<<<<

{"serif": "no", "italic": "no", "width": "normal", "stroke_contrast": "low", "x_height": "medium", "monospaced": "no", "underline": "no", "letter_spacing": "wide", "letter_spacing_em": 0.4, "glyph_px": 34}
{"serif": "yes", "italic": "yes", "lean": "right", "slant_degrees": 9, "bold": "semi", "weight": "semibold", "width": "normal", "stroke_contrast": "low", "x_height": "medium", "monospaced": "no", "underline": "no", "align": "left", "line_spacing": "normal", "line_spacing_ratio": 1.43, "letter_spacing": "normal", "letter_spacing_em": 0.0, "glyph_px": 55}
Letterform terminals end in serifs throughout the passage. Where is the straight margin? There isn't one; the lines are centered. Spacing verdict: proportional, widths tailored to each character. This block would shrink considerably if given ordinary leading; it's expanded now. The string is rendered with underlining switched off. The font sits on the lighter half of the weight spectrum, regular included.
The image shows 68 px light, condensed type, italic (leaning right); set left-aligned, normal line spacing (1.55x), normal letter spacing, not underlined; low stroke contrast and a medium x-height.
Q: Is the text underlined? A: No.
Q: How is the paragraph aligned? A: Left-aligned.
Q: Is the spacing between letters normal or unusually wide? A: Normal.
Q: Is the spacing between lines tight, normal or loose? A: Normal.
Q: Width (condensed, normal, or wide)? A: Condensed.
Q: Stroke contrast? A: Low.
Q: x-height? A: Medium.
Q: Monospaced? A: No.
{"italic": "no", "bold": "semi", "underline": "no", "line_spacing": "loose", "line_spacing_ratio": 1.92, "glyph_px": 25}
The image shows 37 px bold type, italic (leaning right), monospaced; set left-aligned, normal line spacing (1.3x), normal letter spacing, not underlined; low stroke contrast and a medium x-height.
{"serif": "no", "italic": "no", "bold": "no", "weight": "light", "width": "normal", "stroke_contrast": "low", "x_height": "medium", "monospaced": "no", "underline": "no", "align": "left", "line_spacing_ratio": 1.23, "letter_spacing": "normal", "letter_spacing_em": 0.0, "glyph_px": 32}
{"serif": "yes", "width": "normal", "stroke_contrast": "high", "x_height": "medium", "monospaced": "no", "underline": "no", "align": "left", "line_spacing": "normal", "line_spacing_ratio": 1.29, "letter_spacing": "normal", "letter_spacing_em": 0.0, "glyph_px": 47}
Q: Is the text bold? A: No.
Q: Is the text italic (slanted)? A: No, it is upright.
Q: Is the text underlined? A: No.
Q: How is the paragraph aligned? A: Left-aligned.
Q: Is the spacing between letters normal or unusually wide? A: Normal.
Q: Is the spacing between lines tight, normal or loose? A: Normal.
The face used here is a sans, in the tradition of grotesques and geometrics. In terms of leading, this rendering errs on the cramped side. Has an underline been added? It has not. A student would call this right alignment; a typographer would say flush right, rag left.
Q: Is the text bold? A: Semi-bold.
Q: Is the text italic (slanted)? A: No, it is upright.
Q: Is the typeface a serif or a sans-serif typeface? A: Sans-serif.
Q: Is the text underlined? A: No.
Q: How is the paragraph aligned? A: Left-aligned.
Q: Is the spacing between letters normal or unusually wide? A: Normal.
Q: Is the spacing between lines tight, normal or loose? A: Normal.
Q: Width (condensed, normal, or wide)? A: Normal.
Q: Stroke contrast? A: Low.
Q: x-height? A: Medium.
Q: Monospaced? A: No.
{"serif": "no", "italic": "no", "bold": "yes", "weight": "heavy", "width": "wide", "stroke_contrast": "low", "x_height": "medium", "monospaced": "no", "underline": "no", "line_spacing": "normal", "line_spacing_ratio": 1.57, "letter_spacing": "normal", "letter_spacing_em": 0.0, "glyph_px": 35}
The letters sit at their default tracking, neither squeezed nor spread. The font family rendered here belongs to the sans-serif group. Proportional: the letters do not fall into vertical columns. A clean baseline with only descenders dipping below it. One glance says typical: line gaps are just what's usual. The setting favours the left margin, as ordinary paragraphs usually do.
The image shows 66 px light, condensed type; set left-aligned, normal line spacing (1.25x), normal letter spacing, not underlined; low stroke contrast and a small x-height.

>>>>

## Goal of the exercise
Go through the data above and return each line containing the string "leaning".

## Solution to the problem
The image shows 68 px light, condensed type, italic (leaning right); set left-aligned, normal line spacing (1.55x), normal letter spacing, not underlined; low stroke contrast and a medium x-height.
The image shows 37 px bold type, italic (leaning right), monospaced; set left-aligned, normal line spacing (1.3x), normal letter spacing, not underlined; low stroke contrast and a medium x-height.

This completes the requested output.